33 – my body betrays my mind

If you’ve seen any of my prior posts, you know that my husband is my best friend, the authority in my house, and in charge. And most recently, he’s learned that it is a “thing” that more and more women are choosing to be braless …. everywhere…. all the time…. in any light, weather, or clothing. (Don’t believe me? Just google, “braless”)

Well, my husband is a “boob man” anyway. He notices them on every lady out there and L-O-V-E-S them. And so this is music to his eyes and inspired him to set a rule for me that “NO bras allowed. Ever. Again. Period.”

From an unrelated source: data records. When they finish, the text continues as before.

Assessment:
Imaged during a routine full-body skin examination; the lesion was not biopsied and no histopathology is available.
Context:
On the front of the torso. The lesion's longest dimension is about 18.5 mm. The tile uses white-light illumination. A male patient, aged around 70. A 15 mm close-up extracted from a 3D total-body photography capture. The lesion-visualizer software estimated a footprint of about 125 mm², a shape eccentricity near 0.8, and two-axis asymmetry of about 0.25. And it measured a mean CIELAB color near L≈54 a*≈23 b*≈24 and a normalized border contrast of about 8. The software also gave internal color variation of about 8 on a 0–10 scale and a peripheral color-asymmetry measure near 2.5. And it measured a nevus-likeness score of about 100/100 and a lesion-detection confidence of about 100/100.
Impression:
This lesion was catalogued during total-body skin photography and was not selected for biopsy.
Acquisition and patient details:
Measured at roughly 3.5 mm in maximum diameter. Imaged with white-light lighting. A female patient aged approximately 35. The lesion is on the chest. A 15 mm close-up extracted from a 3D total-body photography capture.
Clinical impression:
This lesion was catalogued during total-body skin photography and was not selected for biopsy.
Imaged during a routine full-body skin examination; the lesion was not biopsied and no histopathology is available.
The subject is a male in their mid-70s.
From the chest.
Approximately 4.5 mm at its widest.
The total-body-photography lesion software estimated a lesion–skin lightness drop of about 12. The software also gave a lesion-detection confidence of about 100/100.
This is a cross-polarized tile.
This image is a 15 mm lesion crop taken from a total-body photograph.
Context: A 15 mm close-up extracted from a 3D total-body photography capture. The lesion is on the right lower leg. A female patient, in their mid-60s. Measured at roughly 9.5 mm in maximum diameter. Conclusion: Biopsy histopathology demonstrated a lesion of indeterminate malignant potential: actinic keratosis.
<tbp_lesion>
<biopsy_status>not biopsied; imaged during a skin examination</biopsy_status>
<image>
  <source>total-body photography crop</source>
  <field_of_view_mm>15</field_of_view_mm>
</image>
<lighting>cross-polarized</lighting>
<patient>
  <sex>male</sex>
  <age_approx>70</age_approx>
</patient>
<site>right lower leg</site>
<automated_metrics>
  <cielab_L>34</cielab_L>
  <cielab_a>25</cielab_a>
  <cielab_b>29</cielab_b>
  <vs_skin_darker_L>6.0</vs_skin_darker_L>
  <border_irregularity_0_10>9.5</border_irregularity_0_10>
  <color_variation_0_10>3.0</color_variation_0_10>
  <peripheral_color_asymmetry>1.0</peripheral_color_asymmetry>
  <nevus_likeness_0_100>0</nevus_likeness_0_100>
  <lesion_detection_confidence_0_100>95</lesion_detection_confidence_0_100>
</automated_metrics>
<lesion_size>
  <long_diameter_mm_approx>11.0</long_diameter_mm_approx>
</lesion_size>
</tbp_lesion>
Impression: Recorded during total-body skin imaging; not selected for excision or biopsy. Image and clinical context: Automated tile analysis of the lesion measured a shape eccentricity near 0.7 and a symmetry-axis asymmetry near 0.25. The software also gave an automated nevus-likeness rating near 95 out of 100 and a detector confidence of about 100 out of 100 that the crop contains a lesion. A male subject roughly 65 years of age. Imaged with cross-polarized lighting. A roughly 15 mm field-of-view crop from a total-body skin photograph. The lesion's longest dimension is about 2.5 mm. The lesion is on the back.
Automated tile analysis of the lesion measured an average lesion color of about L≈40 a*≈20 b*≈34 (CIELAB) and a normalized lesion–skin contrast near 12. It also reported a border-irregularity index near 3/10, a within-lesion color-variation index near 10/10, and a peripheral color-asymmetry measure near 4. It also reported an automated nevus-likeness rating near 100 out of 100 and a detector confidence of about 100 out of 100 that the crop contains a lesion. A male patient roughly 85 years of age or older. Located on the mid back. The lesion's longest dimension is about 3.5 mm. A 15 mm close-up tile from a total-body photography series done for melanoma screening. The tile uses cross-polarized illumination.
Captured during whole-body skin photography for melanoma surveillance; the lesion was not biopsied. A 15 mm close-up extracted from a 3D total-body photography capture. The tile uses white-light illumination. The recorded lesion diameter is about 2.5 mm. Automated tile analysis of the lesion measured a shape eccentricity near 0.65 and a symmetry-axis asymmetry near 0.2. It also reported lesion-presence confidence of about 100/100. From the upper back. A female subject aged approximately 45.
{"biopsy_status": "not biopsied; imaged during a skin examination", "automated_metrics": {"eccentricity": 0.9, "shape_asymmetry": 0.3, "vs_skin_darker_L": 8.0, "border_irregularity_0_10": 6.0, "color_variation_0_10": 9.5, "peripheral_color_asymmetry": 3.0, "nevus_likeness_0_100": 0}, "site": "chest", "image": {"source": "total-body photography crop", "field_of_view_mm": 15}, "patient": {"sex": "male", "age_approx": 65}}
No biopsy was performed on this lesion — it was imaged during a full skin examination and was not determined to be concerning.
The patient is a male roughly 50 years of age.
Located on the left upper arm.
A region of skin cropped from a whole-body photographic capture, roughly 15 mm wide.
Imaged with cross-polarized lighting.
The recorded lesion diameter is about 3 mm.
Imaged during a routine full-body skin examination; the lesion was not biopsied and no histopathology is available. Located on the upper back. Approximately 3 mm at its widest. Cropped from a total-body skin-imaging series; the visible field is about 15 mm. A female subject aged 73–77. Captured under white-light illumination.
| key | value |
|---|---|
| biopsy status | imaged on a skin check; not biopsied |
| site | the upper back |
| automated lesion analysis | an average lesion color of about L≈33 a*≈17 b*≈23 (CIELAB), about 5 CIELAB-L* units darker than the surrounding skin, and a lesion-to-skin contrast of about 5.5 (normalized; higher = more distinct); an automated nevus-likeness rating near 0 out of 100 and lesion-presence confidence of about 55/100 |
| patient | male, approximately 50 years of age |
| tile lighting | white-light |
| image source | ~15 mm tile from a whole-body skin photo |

Okay, so my recent posts have told you that my first thought about this was, “Hell yah! Ditch that stupid thing!” And i did. And for the first 24’ish hours, i was in heaven.

Those 24-hours were on a Saturday. When i didn’t have a care in the world and nowhere to be or go. And we were on vacation. Who cares who sees anything while on vacation? i mean, you are NEVER going to see these people again! Yeah, so, ditch the bra and have a grand time!

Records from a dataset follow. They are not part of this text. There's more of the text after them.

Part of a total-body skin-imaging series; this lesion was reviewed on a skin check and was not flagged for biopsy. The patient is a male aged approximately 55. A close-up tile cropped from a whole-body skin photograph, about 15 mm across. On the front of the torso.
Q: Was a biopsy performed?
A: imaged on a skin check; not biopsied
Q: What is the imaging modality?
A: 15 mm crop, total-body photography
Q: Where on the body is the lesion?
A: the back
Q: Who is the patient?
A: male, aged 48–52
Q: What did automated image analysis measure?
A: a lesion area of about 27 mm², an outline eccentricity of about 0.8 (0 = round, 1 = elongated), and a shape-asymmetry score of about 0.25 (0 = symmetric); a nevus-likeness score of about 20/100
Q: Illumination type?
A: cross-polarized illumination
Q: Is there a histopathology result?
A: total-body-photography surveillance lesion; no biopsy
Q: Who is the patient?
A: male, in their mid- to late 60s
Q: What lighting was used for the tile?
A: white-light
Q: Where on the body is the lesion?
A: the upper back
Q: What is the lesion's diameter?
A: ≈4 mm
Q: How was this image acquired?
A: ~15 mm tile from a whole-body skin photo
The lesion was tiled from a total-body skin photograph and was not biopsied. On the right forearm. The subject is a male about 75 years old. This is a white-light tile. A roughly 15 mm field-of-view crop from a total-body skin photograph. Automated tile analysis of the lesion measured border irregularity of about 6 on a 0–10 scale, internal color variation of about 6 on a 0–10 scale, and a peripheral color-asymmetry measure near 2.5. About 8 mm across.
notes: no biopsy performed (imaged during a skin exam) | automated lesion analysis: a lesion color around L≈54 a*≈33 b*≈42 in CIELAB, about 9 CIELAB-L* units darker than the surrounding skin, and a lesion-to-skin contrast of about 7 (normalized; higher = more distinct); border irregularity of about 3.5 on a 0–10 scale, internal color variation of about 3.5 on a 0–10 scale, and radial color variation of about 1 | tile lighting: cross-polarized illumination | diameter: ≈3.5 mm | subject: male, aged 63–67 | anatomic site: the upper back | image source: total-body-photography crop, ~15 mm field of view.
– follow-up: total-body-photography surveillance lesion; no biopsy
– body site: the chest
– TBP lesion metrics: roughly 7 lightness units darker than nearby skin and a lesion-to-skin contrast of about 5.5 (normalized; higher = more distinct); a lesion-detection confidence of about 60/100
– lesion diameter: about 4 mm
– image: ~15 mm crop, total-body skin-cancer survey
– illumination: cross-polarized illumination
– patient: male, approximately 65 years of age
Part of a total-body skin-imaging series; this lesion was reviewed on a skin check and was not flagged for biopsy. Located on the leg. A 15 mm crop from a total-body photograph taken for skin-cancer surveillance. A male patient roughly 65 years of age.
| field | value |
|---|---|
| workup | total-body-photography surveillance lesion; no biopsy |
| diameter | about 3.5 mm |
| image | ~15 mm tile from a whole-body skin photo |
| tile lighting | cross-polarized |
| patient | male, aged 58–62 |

And then. We came home. And had to go to the store. And the realization that this is now my new rule… at home too. Sir expected the “no bra” rule to Always. Apply. Forever. Amen. (Oh geez!).

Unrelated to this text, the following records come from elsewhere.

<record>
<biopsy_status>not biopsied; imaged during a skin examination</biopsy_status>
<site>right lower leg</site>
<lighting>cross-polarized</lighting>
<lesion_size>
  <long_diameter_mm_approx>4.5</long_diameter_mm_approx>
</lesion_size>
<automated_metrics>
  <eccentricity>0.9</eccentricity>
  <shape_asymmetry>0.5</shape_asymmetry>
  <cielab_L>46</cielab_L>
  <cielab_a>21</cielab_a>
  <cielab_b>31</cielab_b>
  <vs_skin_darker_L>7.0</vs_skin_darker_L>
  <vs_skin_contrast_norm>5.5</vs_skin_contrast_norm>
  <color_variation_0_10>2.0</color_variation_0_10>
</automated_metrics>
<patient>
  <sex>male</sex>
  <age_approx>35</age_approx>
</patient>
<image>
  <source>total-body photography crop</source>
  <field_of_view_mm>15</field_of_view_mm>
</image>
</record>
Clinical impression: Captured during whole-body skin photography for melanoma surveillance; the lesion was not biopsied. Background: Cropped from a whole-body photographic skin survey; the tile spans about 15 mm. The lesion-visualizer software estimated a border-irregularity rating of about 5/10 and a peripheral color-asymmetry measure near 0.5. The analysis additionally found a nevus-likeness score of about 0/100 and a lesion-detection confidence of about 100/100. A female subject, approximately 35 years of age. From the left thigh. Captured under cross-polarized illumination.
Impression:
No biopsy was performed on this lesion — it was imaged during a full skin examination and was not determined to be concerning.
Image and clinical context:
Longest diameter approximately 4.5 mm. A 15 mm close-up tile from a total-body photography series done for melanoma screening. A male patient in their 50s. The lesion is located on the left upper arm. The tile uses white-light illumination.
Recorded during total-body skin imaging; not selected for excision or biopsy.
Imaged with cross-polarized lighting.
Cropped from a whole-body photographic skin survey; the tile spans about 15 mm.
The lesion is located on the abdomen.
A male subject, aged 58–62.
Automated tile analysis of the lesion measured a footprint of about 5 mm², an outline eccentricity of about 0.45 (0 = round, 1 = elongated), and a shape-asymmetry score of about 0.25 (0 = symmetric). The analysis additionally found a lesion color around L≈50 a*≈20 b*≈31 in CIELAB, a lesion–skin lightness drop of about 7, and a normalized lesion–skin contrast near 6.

And so i went to the store. David knew i was apprehensive… what if i see someone i know, what if i know them well-enough they say something, what if it’s a friend’s mom, what if it’s our son’s friends, on and on.

So i didn’t like it and i told David. While he’s in charge and has final authority, he always considers my thoughts, requests, etc. And this was no different. But, he responded, quite firmly with, “I know you don’t like it now. But I do. And the sooner you learn to accept it, the better off we will all be.”

And so i went to the store. Braless. On edge. With great apprehension.

And i get a text from Sir and it says, “I need proof.”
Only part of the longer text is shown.